Data for processing START
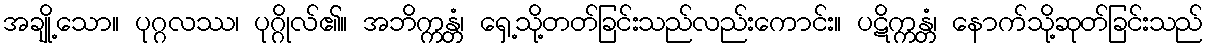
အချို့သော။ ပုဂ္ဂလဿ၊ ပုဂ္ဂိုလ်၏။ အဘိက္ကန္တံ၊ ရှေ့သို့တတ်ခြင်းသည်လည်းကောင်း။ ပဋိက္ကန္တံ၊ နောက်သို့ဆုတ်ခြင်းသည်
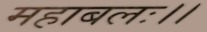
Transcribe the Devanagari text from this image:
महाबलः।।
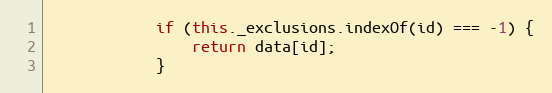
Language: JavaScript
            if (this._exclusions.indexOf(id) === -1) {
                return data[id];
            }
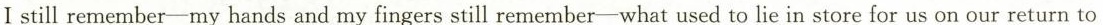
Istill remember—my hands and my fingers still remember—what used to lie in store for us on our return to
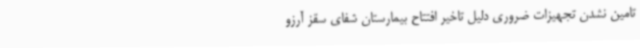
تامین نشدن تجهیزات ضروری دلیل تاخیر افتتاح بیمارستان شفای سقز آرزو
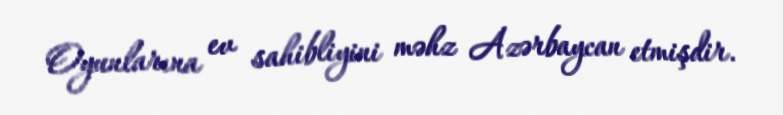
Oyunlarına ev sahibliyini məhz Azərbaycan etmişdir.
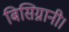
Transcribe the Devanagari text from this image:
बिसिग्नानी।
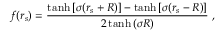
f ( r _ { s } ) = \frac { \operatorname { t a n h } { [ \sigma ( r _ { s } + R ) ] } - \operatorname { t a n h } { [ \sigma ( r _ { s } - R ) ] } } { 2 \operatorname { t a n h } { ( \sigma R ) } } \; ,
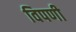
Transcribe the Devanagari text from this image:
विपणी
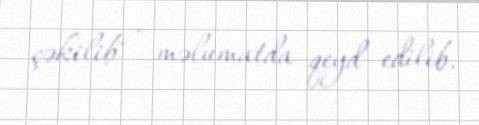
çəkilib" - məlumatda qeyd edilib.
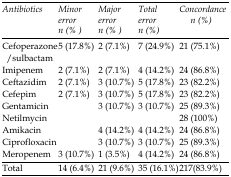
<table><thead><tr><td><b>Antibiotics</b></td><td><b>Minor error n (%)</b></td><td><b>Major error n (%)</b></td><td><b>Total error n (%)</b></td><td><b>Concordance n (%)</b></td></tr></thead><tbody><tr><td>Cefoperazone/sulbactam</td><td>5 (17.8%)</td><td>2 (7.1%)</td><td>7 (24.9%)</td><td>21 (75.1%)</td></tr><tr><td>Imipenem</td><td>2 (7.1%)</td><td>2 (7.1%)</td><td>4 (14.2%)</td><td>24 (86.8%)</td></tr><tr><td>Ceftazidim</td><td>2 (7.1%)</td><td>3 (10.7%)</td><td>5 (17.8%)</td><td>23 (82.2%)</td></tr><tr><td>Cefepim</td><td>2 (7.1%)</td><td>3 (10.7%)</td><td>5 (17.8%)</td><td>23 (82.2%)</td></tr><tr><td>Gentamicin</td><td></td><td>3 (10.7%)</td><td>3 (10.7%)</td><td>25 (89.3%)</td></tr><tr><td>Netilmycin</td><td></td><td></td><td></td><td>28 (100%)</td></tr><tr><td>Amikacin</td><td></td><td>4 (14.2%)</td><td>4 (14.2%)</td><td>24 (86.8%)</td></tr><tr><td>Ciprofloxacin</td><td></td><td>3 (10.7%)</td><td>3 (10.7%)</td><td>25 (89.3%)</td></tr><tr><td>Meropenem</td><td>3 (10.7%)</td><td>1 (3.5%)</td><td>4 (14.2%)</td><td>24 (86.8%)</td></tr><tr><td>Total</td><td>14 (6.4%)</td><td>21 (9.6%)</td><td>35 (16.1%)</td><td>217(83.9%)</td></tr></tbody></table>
Data for processing END
Data for processing START
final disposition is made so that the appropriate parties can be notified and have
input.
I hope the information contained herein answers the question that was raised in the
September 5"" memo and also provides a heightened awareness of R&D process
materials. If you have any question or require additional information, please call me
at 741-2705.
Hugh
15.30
Data for processing END
▸ **What is needed**
Your whole answer should be one number, the count of lines in the records that hold "return".

▸ **Answer space**
2